Bangladesh are yet to beat Zimbabwe in a T20 series at home. In fact, what’s worse? They are yet to seek a bi-lateral series win since 2018, when they’d beaten the West Indians fair and square. On the other hand, Zimbabwe- and if you are a fan, you’d know- would be desperate to avoid yet another whitewash, something that didn’t cut a pretty picture during the recent ODI outing.
These two teams don’t really play an awful lot of cricket with one another. But when they do, they ensure that it becomes one heck of a contest. Just that the visitors to Bangladesh wouldn’t have expected that they’d be up against a team that would challenge them so enormously and unsparingly that the Sean Williams-led side would simply fail to register a single win.
The stakes, therefore, on both sides of the coin, are too high to overlook or avoid.
Zimbabweans are desperate for a win. But whether they are hungry and good enough to seek one is something you and I can’t answer. To doubt their collective talent would be to do the needless. This is a team that has experience and flair; a unit that has, in the aftermath of being re-recognized and reinducted into the ICC, been on a constant hunt for improvement.
This is also a side where noted all round talents like Sikandar Raza only recently appeared in the 100th ODI international. Raza, incidentally, also recently took a career-best Test bowling figures of 7-for during a fighting draw his team managed at the back of a special performance against Sri Lanka at Harare.
But ever since that tour, Zimbabwe, about to enter their last game in Bangladesh, have seemed underwhelming.
It isn’t that the likes of bowling and batting combination aren’t full of thrust and experience. How can you ever take a side lightly that has someone like a proven pro of batting in Brendan Taylor? With names like Craig Ervine and Sean Williams, the moment you bring Sikandar Raza into the picture, you suddenly have the big four in front of you.
Given all these redoubtable names have been at the team’s disposal and yet, the African nation has lost every single game it has contested in- thus far- goes to highlight the woes of a band of luckless travelers.
When is that elusive win coming? This has been the dominant discourse from the Zimbabwean perspective. In fact, is it even happening as the Sher-E-Bangla calls on both teams to lock horns for one last time during this bi-lateral tour featuring Zimbabwe and Bangladesh where the former’s hosts have done all the talking?
What’s known is that, as seen the other day, also at the same venue, Bangladesh’s Saumya Sarkar produced such a garrulous powerplay with the bat that his 62 carted his side to a daunting 200.
With Bangladesh making an exact 200, requiring of their opponents no fewer than 10-an-over, it was anybody’s guess which side held the advantage?
In reply, the 152 seemed promising but just not enough, Zimbabwe helped by contributions from different portions of the batting order, youngster Tinashe making the 28, the top score, followed by the captain Williams’ 20, and newcomer Carl Mumba (who had gone wicketless) making 25.
That being said, surely Zimbabwe’s batsmen will want to step up their game.

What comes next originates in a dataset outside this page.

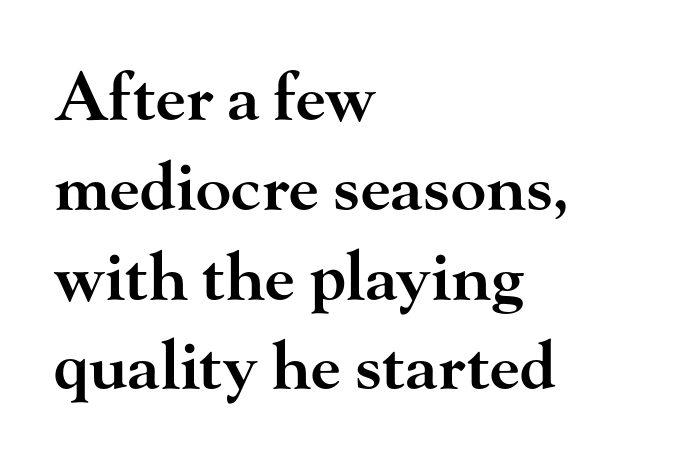
The face used here is proportionally spaced, like ordinary book or web type. One-word summary of the alignment: left. The type sits square on the baseline with zero lean. Heft: intermediate — a semibold. This sample uses plain, unmodified letter spacing.

The likes of Brendan Taylor- 1 in the previous T20- would want to dart some runs, especially when an opener is expected to do just that. Moreover, in Ervine, Williams, and Raza- there’s a collective experience pool of over 1,600 T20s and around 95 T20s, Williams alone accounting for 39 of those, while Raza’s got 33 against his name.
But the problems aren’t alone with the batsmen. The bowlers have been taken to all parts of the field with the likes of Liton Das- a memorable ton in the first ODI- and Tamim Iqbal batting with fire and gusto.
On his own, the premier experienced exponent of graceful left-handed batting has scores that read- 41, 128*, 158, 24 in his last 4 outings versus a winless side.
2 of his 13 ODI hundreds happened in his very series and these are big centuries, that offered a team minus Shakib so much power. Just imagine what might have happened had one among the world’s foremost all rounders been in the green colors?
Guess, it’s safe to say and with due respect to the spirited team that Zimbabwe are, that at this point in time, nothing would ever lift their spirits as much as securing a win somehow.
But then, a good way to begin would be for the likes of Mpofu- over 14 an over in his last T20I- and Mumba- 12 an over in the last game- will have to significantly hold back their economy rates.
Don’t take wickets if you can’t but don’t offer freebies and half-volleys, right? Can we expect a close contest or a finish down to the wire?